==== Data

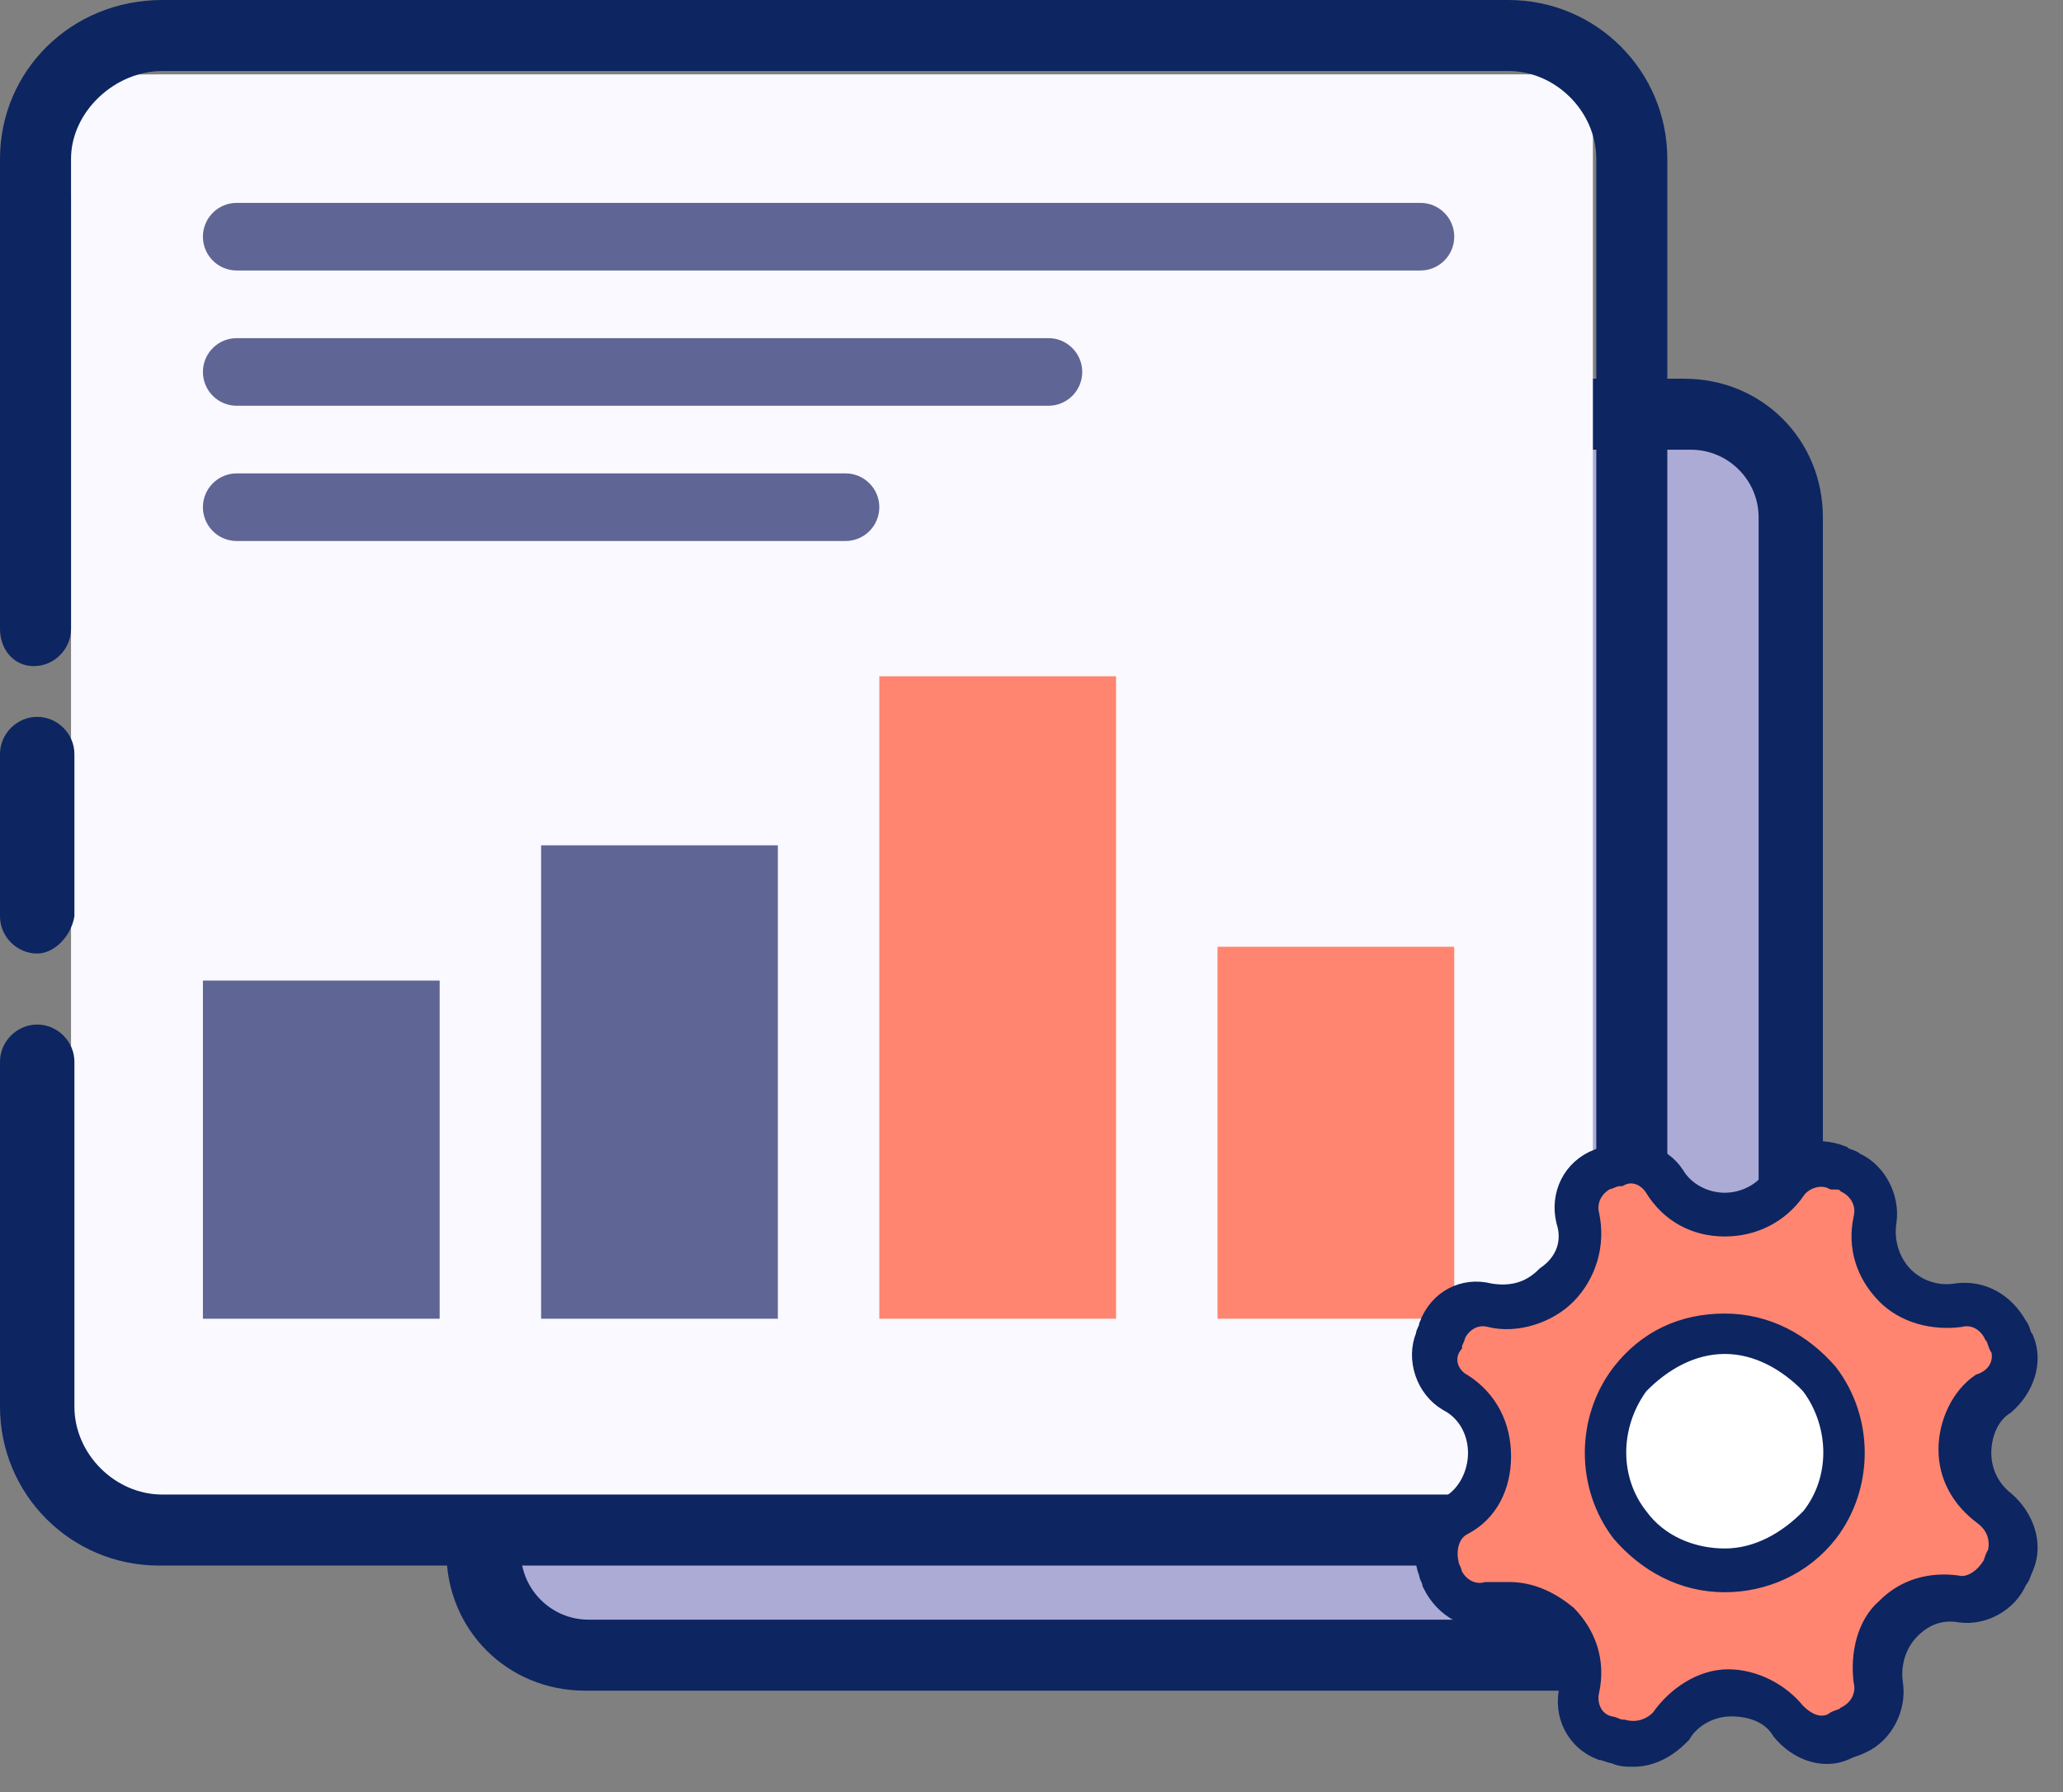 <svg width="61" height="53" viewBox="0 0 61 53" fill="none" xmlns="http://www.w3.org/2000/svg">
<rect x="0" y="0" width="61" height="53" fill="#808080" stroke="none"/>
<path d="M15.2 16.2C15.2 13 13.2 13.1 16.3 13.1H52.1V47.5C52.1 47.8 51.9 48.1 51.5 48.1H16.2C13 48.1 15.2 47.7 15.2 45V16.2Z" fill="#ACABD5"/>
<path d="M49.9 50H17.3C15 50 13.2 48.2 13.2 45.9V37.4C13.2 36.8 13.7 36.3 14.3 36.3C14.9 36.3 15.4 36.8 15.4 37.4V45.9C15.4 47 16.3 47.9 17.4 47.9H50C51.1 47.9 52 47 52 45.9V15.3C52 14.2 51.1 13.3 50 13.3H17.4C16.3 13.3 15.4 14.2 15.4 15.3V26.9C15.4 27.5 14.9 28 14.3 28C13.7 28 13.2 27.5 13.2 26.9V15.3C13.2 13 15.1 11.2 17.3 11.2H49.8C52.1 11.2 53.9 13 53.9 15.3V45.9C54 48.2 52.2 50 49.9 50Z" fill="#0D2561"/>
<path d="M2.1 5.9C2.1 2.1 1.7 2.2 5.3 2.2H47.1V43.6C47.1 44 46.8 44.3 46.4 44.3H5.3C1.5 44.3 2.1 43.9 2.1 40.6V5.9Z" fill="#F9F9FF"/>
<path d="M1.1 28.2C0.5 28.2 0 27.7 0 27.1V22.3C0 21.7 0.5 21.2 1.1 21.2C1.7 21.2 2.2 21.7 2.2 22.3V27.1C2.1 27.7 1.6 28.2 1.1 28.2Z" fill="#0D2561"/>
<path d="M44.6 46.3H4.7C2.1 46.3 0 44.2 0 41.6V31.4C0 30.8 0.5 30.3 1.1 30.3C1.7 30.3 2.2 30.8 2.2 31.4V41.6C2.2 43 3.4 44.2 4.8 44.2H44.6C46 44.2 47.2 43 47.2 41.6V4.7C47.2 3.3 46 2.1 44.6 2.1H4.8C3.4 2.1 2.1 3.3 2.1 4.7V18.6C2.1 19.2 1.6 19.7 1 19.7C0.4 19.7 0 19.2 0 18.6V4.7C0 2.1 2.1 0 4.8 0H44.6C47.2 0 49.3 2.1 49.3 4.7V41.5C49.3 44.2 47.2 46.3 44.6 46.3Z" fill="#0D2561"/>
<path d="M13 29H6V39H13V29Z" fill="#5F6695"/>
<path d="M7 8L42 8C42.552 8 43 7.552 43 7C43 6.448 42.552 6 42 6L7 6C6.448 6 6 6.448 6 7C6 7.552 6.448 8 7 8Z" fill="#5F6695"/>
<path d="M7 12L31 12C31.552 12 32 11.552 32 11C32 10.448 31.552 10 31 10L7 10C6.448 10 6 10.448 6 11C6 11.552 6.448 12 7 12Z" fill="#5F6695"/>
<path d="M7 16L25 16C25.552 16 26 15.552 26 15C26 14.448 25.552 14 25 14L7 14C6.448 14 6 14.448 6 15C6 15.552 6.448 16 7 16Z" fill="#5F6695"/>
<path d="M23 25H16V39H23V25Z" fill="#5F6695"/>
<path d="M33 20H26V39H33V20Z" fill="#FF8570"/>
<path d="M43 28H36V39H43V28Z" fill="#FF8570"/>
<path d="M50.902 46.144C52.609 46.144 53.993 44.767 53.993 43.067C53.993 41.368 52.609 39.99 50.902 39.99C49.195 39.99 47.811 41.368 47.811 43.067C47.811 44.767 49.195 46.144 50.902 46.144Z" fill="white"/>
<path d="M56.022 37.906C55.539 37.409 55.346 36.714 55.442 36.02C55.539 35.424 55.249 34.829 54.67 34.63C54.573 34.531 54.38 34.531 54.283 34.431C53.704 34.233 53.124 34.431 52.738 34.928C52.448 35.523 51.772 35.92 50.999 35.92C50.226 35.92 49.646 35.523 49.26 34.928C48.97 34.431 48.294 34.233 47.714 34.431C47.618 34.531 47.521 34.531 47.425 34.63C46.845 34.829 46.555 35.424 46.652 36.02C46.845 36.714 46.652 37.508 46.072 38.005C45.493 38.6 44.816 38.799 44.044 38.6C43.464 38.501 42.884 38.799 42.691 39.394C42.691 39.494 42.595 39.593 42.595 39.692C42.401 40.288 42.595 40.883 43.078 41.28C43.657 41.677 44.044 42.372 44.044 43.067C44.044 43.861 43.657 44.456 43.078 44.853C42.595 45.151 42.305 45.846 42.595 46.441C42.595 46.541 42.691 46.64 42.691 46.739C42.981 47.335 43.561 47.633 44.14 47.533C44.816 47.335 45.589 47.533 46.072 48.129C46.555 48.625 46.748 49.32 46.652 50.015C46.555 50.61 46.845 51.206 47.425 51.404C47.521 51.504 47.618 51.504 47.811 51.504C48.391 51.702 48.97 51.504 49.26 51.007C49.646 50.412 50.323 50.015 50.999 50.015C51.675 50.015 52.351 50.312 52.738 50.908C53.124 51.404 53.704 51.603 54.187 51.404C54.283 51.305 54.476 51.305 54.573 51.206C55.056 51.007 55.442 50.412 55.346 49.816C55.249 49.121 55.442 48.427 55.925 47.93C56.408 47.434 57.085 47.236 57.761 47.335C58.34 47.434 58.92 47.136 59.113 46.541C59.21 46.441 59.21 46.243 59.306 46.144C59.5 45.548 59.306 44.953 58.823 44.655C58.34 44.258 57.954 43.662 57.954 42.968C57.954 42.273 58.244 41.677 58.823 41.28C59.306 40.883 59.5 40.288 59.306 39.791C59.21 39.692 59.21 39.494 59.113 39.394C58.92 38.898 58.34 38.501 57.761 38.6C57.181 38.7 56.505 38.501 56.022 37.906ZM53.8 45.052C52.351 46.938 49.646 46.938 48.197 45.052C47.231 43.762 47.231 41.975 48.197 40.784C49.646 38.898 52.351 38.898 53.8 40.784C54.766 42.074 54.766 43.861 53.8 45.052Z" fill="#FF8570"/>
<path d="M48.294 52C48.101 52 47.908 52 47.715 51.901C47.618 51.901 47.425 51.801 47.328 51.801C46.556 51.504 46.169 50.71 46.362 49.916C46.459 49.32 46.266 48.725 45.879 48.328C45.493 47.931 44.817 47.732 44.237 47.831C43.464 48.03 42.691 47.633 42.305 46.839C42.305 46.739 42.209 46.64 42.209 46.541C41.919 45.846 42.209 44.953 42.885 44.457C43.368 44.159 43.657 43.563 43.657 42.968C43.657 42.372 43.368 41.777 42.788 41.479C42.112 41.082 41.822 40.189 42.112 39.494C42.112 39.395 42.209 39.295 42.209 39.196C42.498 38.402 43.271 38.005 44.044 38.203C44.623 38.303 45.203 38.203 45.686 37.707C46.266 37.31 46.459 36.715 46.266 36.119C46.072 35.325 46.459 34.531 47.232 34.233C47.328 34.233 47.425 34.134 47.618 34.134C48.294 33.836 49.164 34.134 49.55 34.73C49.84 35.226 50.419 35.524 50.999 35.524C51.579 35.524 52.158 35.226 52.448 34.73C52.931 34.035 53.704 33.836 54.477 34.134C54.573 34.233 54.767 34.233 54.863 34.333C55.539 34.63 55.926 35.424 55.829 36.119C55.733 36.715 55.926 37.31 56.312 37.707C56.699 38.104 57.278 38.303 57.858 38.203C58.63 38.104 59.307 38.501 59.693 39.196C59.79 39.295 59.79 39.494 59.886 39.593C60.176 40.288 59.886 41.082 59.307 41.578C58.824 41.876 58.63 42.471 58.63 42.968C58.63 43.563 58.92 44.06 59.307 44.357C59.886 44.854 60.176 45.648 59.886 46.342C59.79 46.541 59.79 46.64 59.693 46.739C59.403 47.434 58.63 47.831 57.954 47.732C57.375 47.633 56.892 47.831 56.505 48.228C56.119 48.625 55.926 49.221 56.022 49.816C56.119 50.511 55.733 51.305 55.056 51.603C54.863 51.702 54.767 51.702 54.573 51.801C53.897 52.099 53.124 51.801 52.641 51.206C52.352 50.71 51.772 50.511 51.192 50.511C50.613 50.511 50.033 50.809 49.743 51.305C49.357 51.702 48.874 52 48.294 52ZM44.623 47.037C45.3 47.037 45.879 47.335 46.362 47.732C46.942 48.328 47.232 49.122 47.038 50.015C46.942 50.412 47.135 50.908 47.618 51.007C47.715 51.007 47.811 51.107 48.005 51.107C48.391 51.206 48.777 51.107 49.067 50.809C49.55 50.114 50.323 49.618 51.096 49.618C51.868 49.618 52.641 50.015 53.124 50.61C53.414 50.908 53.8 51.107 54.187 50.908C54.283 50.809 54.477 50.809 54.573 50.71C54.96 50.511 55.153 50.114 55.056 49.717C54.96 48.923 55.153 48.03 55.733 47.533C56.312 46.938 57.085 46.739 57.858 46.839C58.244 46.938 58.63 46.64 58.824 46.342C58.92 46.243 58.92 46.045 59.017 45.945C59.114 45.548 59.017 45.151 58.63 44.854C57.954 44.357 57.568 43.663 57.568 42.868C57.568 42.074 57.954 41.28 58.534 40.883C59.114 40.685 59.21 40.189 59.114 39.891C59.017 39.792 59.017 39.593 58.92 39.494C58.727 39.097 58.341 38.898 57.954 38.998C57.181 39.097 56.312 38.898 55.733 38.303C55.153 37.707 54.863 36.913 55.056 36.02C55.153 35.623 54.96 35.226 54.573 35.027C54.477 34.928 54.38 34.928 54.187 34.928C53.8 34.73 53.318 34.928 53.124 35.226C52.641 35.921 51.868 36.318 50.999 36.318C50.13 36.318 49.357 35.921 48.874 35.127C48.681 34.829 48.294 34.63 47.908 34.829C47.715 34.829 47.618 34.928 47.522 34.928C47.135 35.127 46.942 35.524 47.038 35.921C47.232 36.814 46.942 37.707 46.362 38.303C45.783 38.898 44.817 39.196 44.044 38.998C43.657 38.898 43.271 39.097 43.078 39.494C43.078 39.593 42.981 39.692 42.981 39.792C42.691 40.189 42.885 40.685 43.271 40.883C44.044 41.38 44.43 42.174 44.43 43.067C44.43 43.96 44.044 44.754 43.271 45.151C42.885 45.35 42.788 45.846 42.885 46.243C42.885 46.342 42.981 46.442 42.981 46.541C43.175 46.938 43.561 47.136 43.947 47.037C44.237 47.037 44.43 47.037 44.623 47.037ZM50.999 46.839C49.743 46.839 48.681 46.243 47.908 45.35C46.845 43.96 46.845 41.975 47.908 40.586C48.681 39.593 49.743 39.097 50.999 39.097C52.255 39.097 53.318 39.692 54.09 40.586C55.153 41.975 55.153 43.96 54.09 45.35C53.318 46.342 52.158 46.839 50.999 46.839ZM50.999 39.792C50.033 39.792 49.164 40.288 48.487 40.983C47.618 42.174 47.618 43.762 48.487 44.854C49.067 45.648 50.033 46.045 50.999 46.045C51.965 46.045 52.834 45.548 53.511 44.854C54.38 43.762 54.38 42.174 53.511 40.983C52.834 40.288 51.965 39.792 50.999 39.792Z" fill="#0D2561" stroke="#0D2561" stroke-width="0.5" stroke-miterlimit="10"/>
</svg>

========

### What you need to do
Go back to the listing above. Copy word for word the lines from the one with "12L31 12C31.552 12" through the one with "46.144C52.609 46.144 53.993", and nothing more.

### Answer space
<path d="M7 12L31 12C31.552 12 32 11.552 32 11C32 10.448 31.552 10 31 10L7 10C6.448 10 6 10.448 6 11C6 11.552 6.448 12 7 12Z" fill="#5F6695"/>
<path d="M7 16L25 16C25.552 16 26 15.552 26 15C26 14.448 25.552 14 25 14L7 14C6.448 14 6 14.448 6 15C6 15.552 6.448 16 7 16Z" fill="#5F6695"/>
<path d="M23 25H16V39H23V25Z" fill="#5F6695"/>
<path d="M33 20H26V39H33V20Z" fill="#FF8570"/>
<path d="M43 28H36V39H43V28Z" fill="#FF8570"/>
<path d="M50.902 46.144C52.609 46.144 53.993 44.767 53.993 43.067C53.993 41.368 52.609 39.99 50.902 39.99C49.195 39.99 47.811 41.368 47.811 43.067C47.811 44.767 49.195 46.144 50.902 46.144Z" fill="white"/>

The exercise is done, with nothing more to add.